Analisis Kualitas Lingkungan Dan Strategi Pengelolaan Mangrove Pantai Sejarah Desa Perupuk Kabupaten Batu Bara

Adi Iman Rananda, T Alief Aththorick, Zulkifli Lubis


Abstract


Kawasan Mangrove Pantai Sejarah Merupakan Hutan Kemasyarakatan (HKm) dengan luas 456 Ha, dimana 383 Ha Hutan Lindung (HL) dan 73 Ha Hutan Produksi Terbatas (HPT). Kurangnya informasi dan edukasi tentang fungsi hutan mangrove masih sangat minim, sehingga perlu adanya upaya kolaborasi antara pengelola, masyarakat dan pemerintah sebagai basis untuk pengambil kebijakan dan menunjang keberhasilan pengelolaan mangrove di kawasan mangrove pantai sejarah.
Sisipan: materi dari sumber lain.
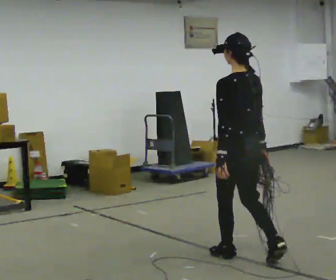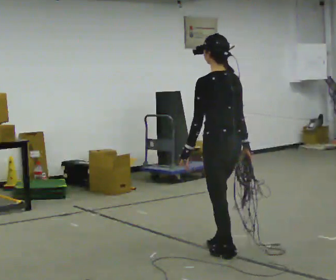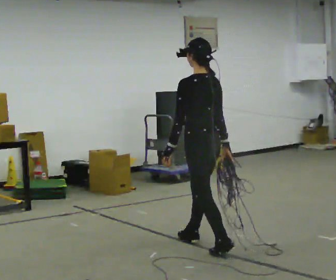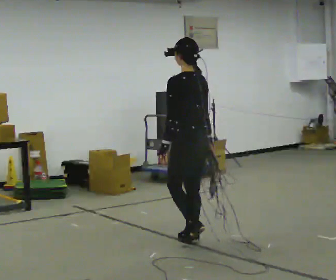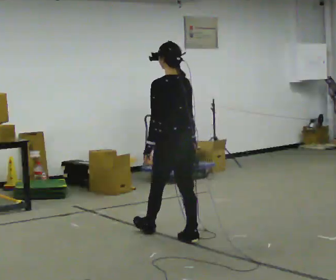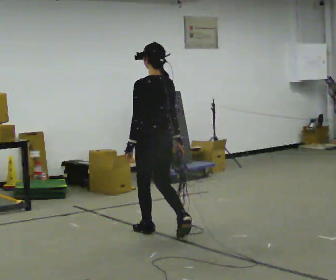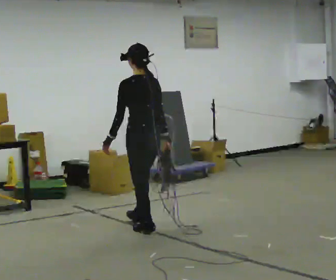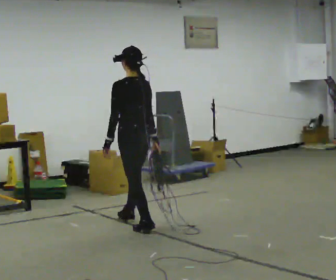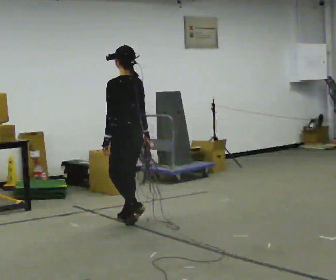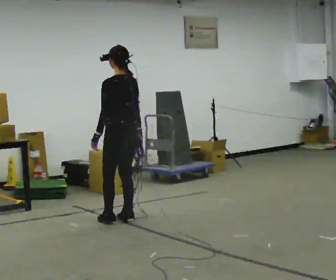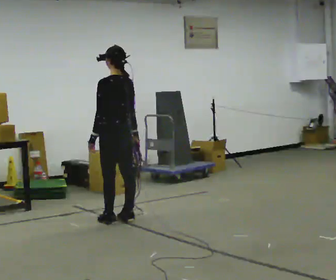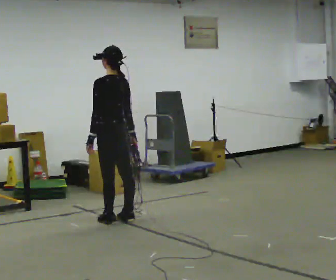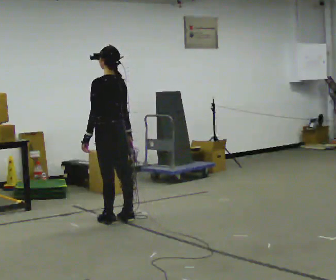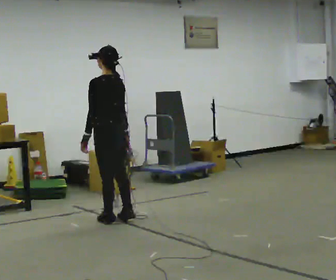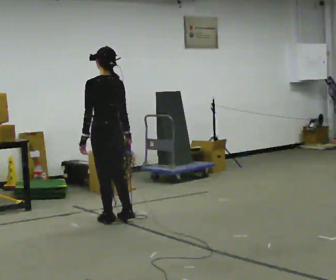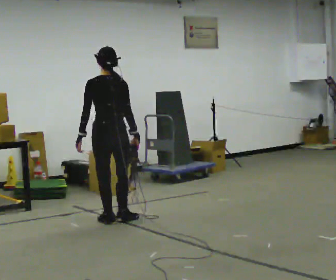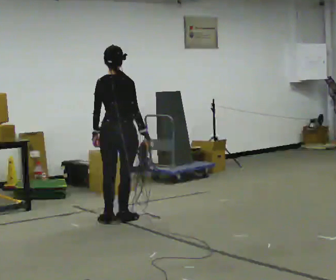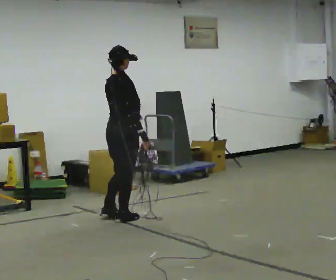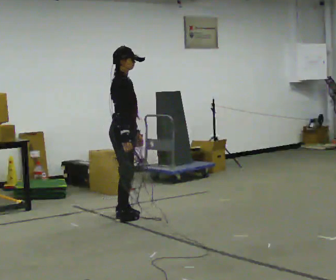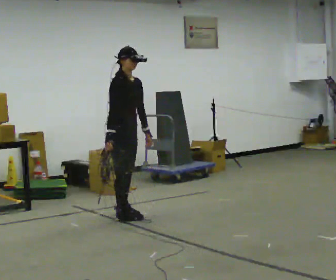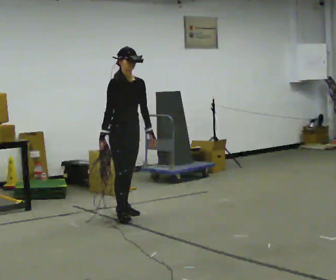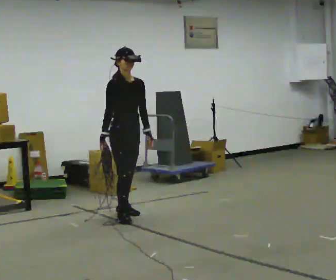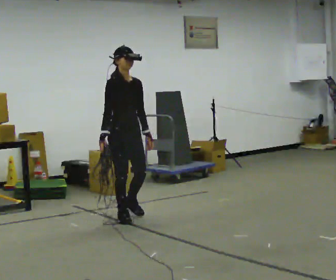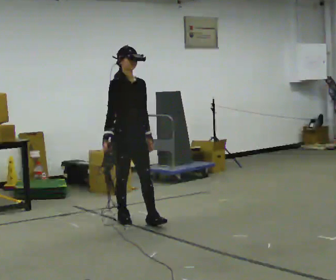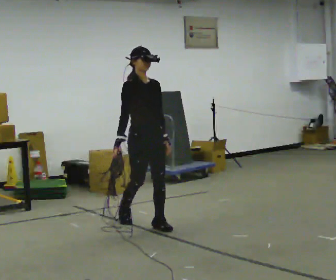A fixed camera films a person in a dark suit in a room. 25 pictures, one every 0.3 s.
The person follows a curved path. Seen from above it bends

Tujuan Penelitian ini adalah untuk menganalisis kualitas lingkungan dan merumuskan strategi pengelolaan. Manfaat penelitian yaitu sebagai bahan informasi bagi para praktisi dalam mengelola ekosistem mangrove di Pantai Sejarah. Metode yang digunakan dalam penelitian ini adalah metode survei, dimana kawasan hutan mangrove Pantai Sejarah sebagai lokasi penelitian.Strategi pengelolaan menggunakan analis SWOT. Hasil Kualitas Lingkungan Menunjukkan bahwa tingkat kerapatan sangat baik >1.500 p/ha, sementara kualitas perairan masih diambang baku mutu. Adapun faktor-faktor yang telah di analisis dapat dirumuskan beberapa strategi yaitu, Pemerintah daerah dan kelompok tani Cinta Mangrove kedepannya perlu memperbaiki kondisi kerapatan hutan mangrove di stasiun II yang terdegradasi dengan menggandeng pihak LSM, industri, akademisi dan masyarakat. Menegaskan aturan dan sanksi yang sudah ditetapkan dalam regulasi-regulasi pengelolaan ekosistem mangrove serta meningkatkan program ekowisata mangrove.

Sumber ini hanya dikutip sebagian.